TGF-β signaling and mitosis in tissues from Tgfb1^+/+ and Tgfb1^C33S/C33S mice. (A) P-Smad2 staining of stomach from Tgfb1^+/+ and Tgfb1^C33S/C33S of 11-week-old mice. The more intense P-Smad2 nuclear staining in the Tgfb1^+/+ vs. the Tgfb1^C33S/C33S sample indicates enhanced TGF-β activity. (B) Staining of stomach tissue from Tgfb1^+/+ and Tgfb1^C33S/C33S 21-week-old mice with antibody to Ki67, a marker of mitosis. The number of positive Ki67 cells is higher in the mutant sample compared to the Tgfb1^+/+ sample, consistent with decreased TGF-β1 in the tissue, as TGF-β1 is a suppressor of growth of most epithelial cells. (C) Q-RT-PCR of stomach epithelium for Myc from 12-week-old mice. Tgfb1^C33S/C33S tissue had higher expression of Myc than did control tissue consistent with decreased TGF-β1 in the mutant tissue. (D and E) TGF-β1 in sera from Tgfb1^+/+ and Tgfb1^C33S/C33S mice.

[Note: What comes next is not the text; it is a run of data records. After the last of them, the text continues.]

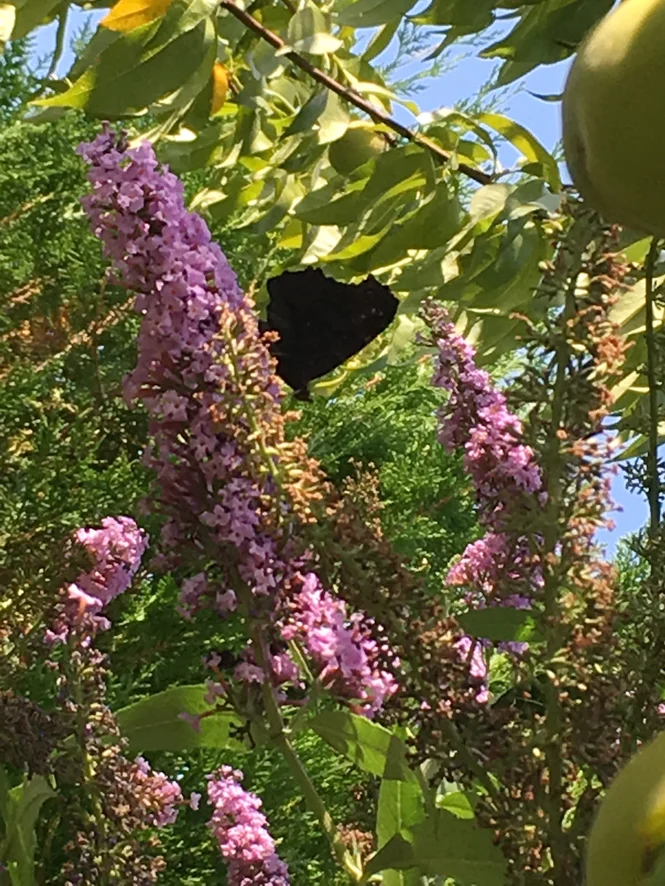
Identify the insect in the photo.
Aglais io
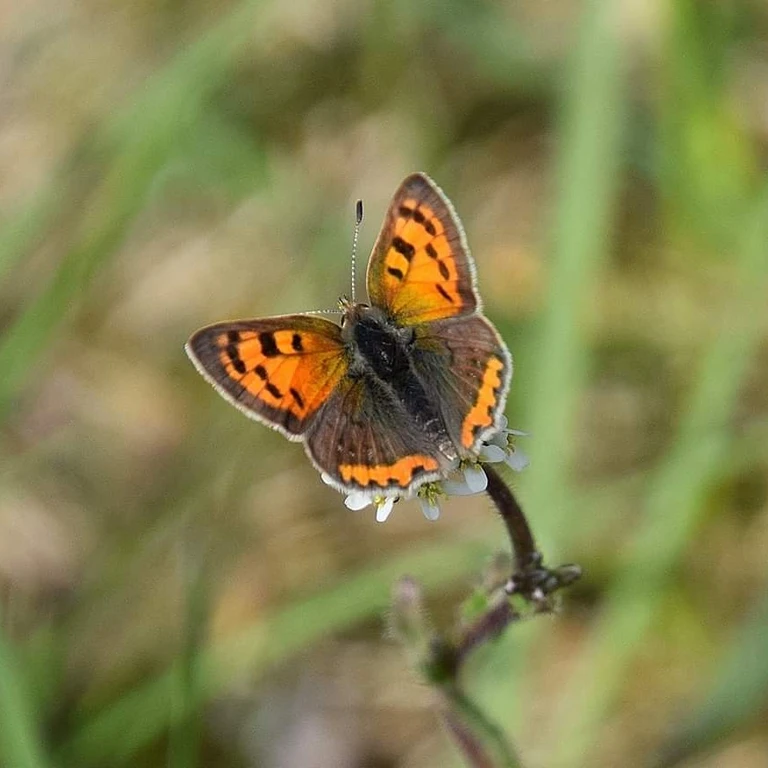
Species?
Lycaena phlaeas
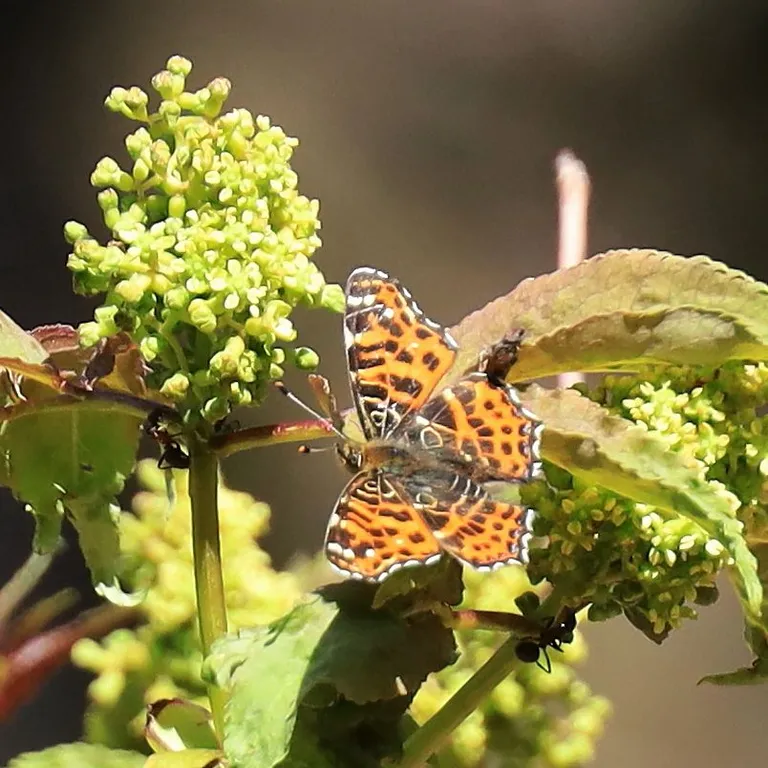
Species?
Araschnia levana
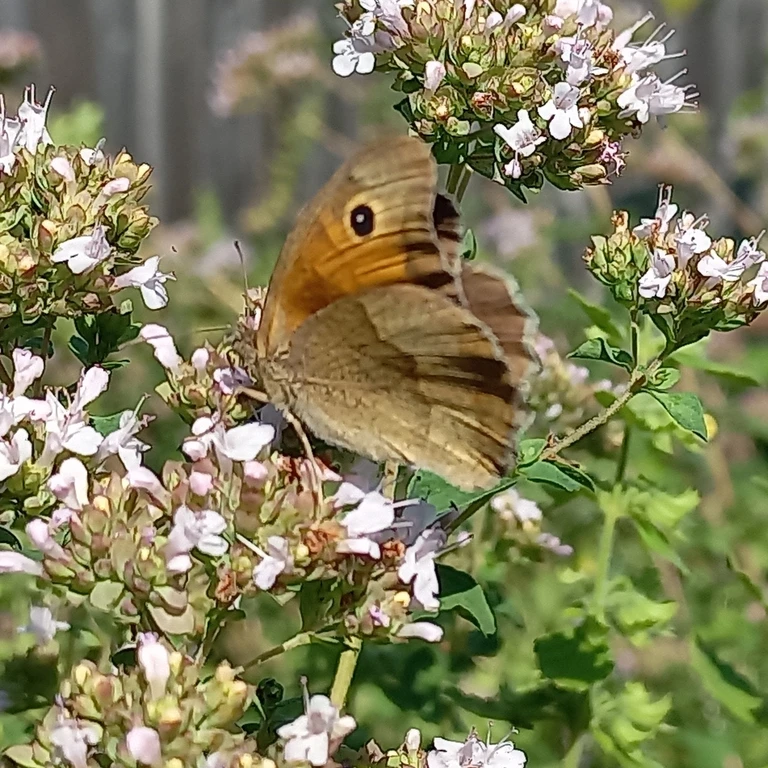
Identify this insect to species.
Maniola jurtina
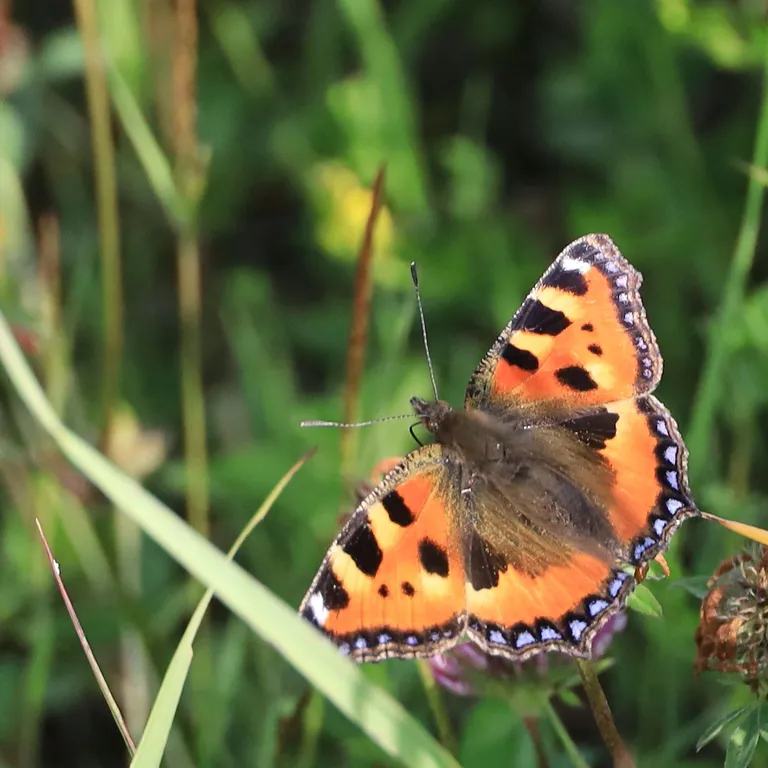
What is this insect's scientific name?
Aglais urticae
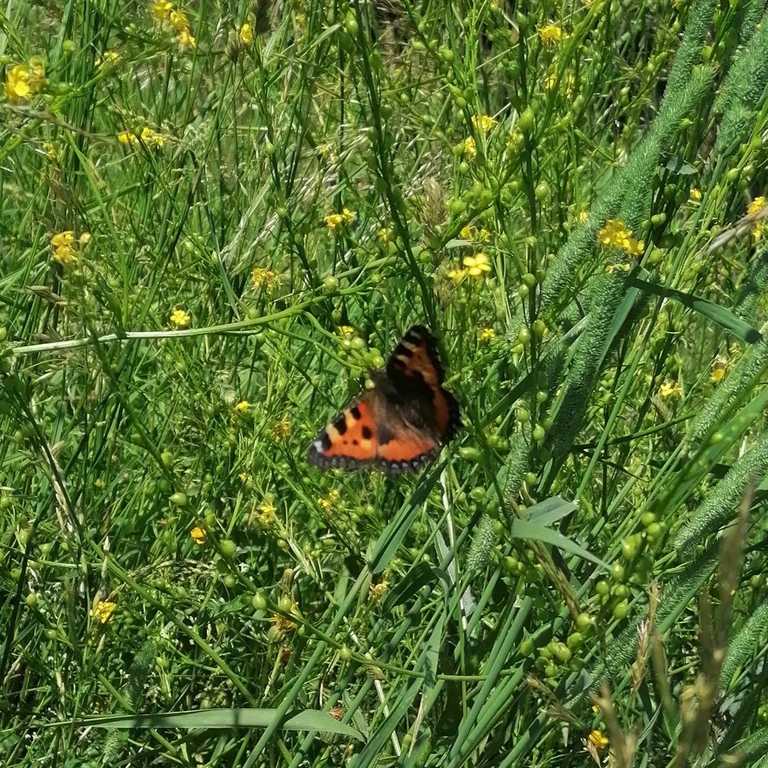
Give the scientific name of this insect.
Aglais urticae
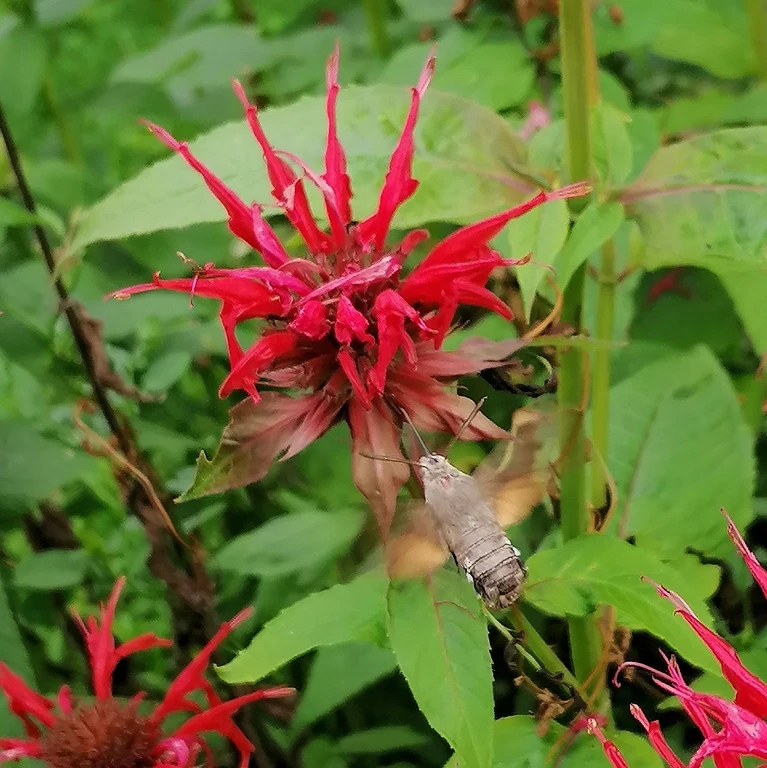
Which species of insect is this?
Macroglossum stellatarum
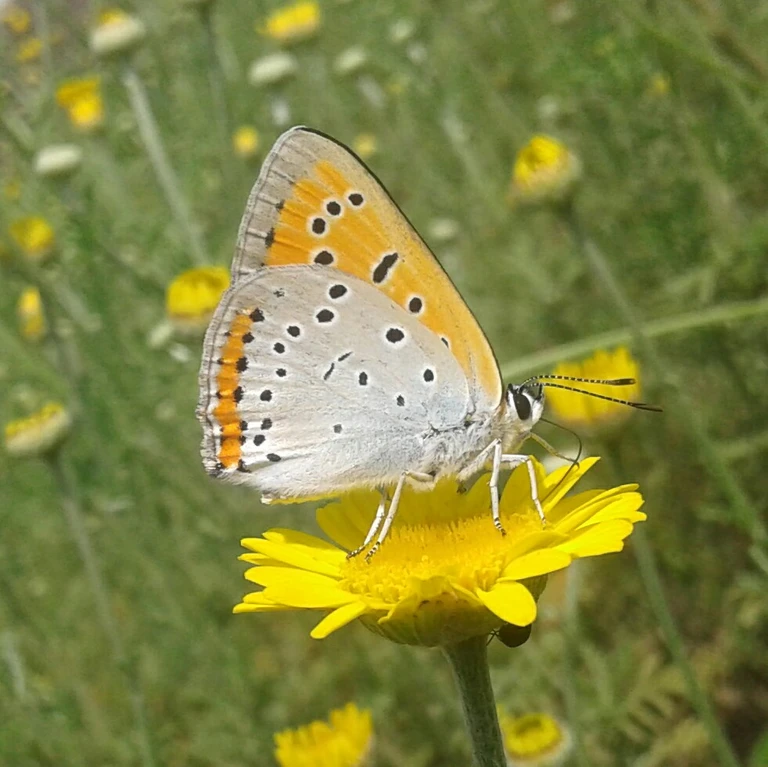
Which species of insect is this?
Lycaena dispar
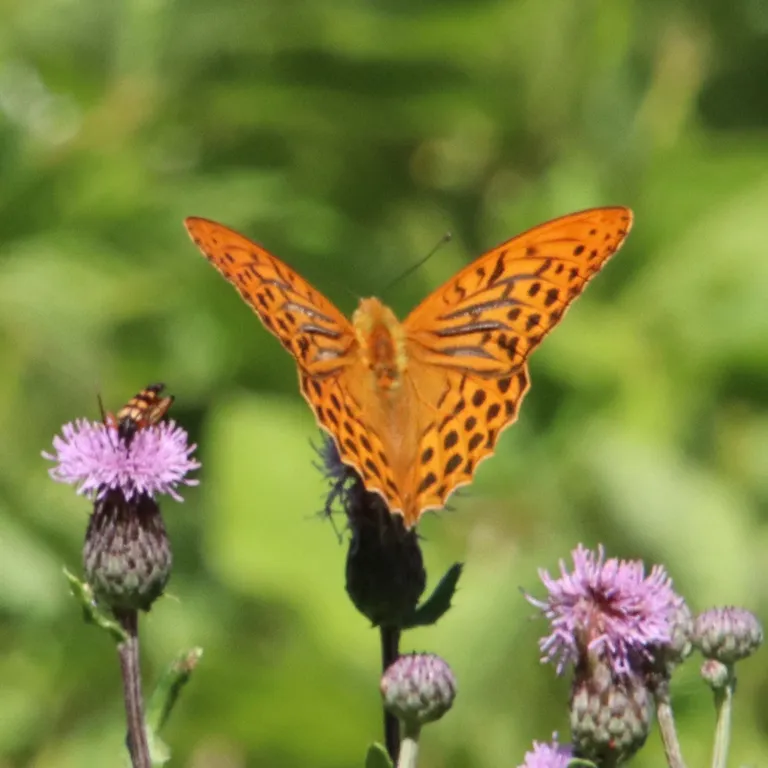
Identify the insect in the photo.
Argynnis paphia

TGF-β1 in sera from Tgfb1^+/+, Tgfb1^+/C33S, and Tgfb1^C33S/C33S mice was measured by an ELISA specific for active TGF-β1. (D) Total TGF-β1 in sera after acidification. Acidification releases all active TGF-β from its latent complex. The total TGF-β1 from the three genotypes was equivalent. (E) Active TGF-β1 in sera. TGF-β1 was measured directly in sera without acidification. The amount of active TGF-β1 in the Tgfb1^+/+ and Tgfb1^+/C33S samples is significantly higher than that found in samples from Tgfb1^C33S/C33S mice. Samples from 10–12 animals of each genotype were assayed for TGF-β. Assays on each serum sample were done in triplicate. Values are presented as SEM.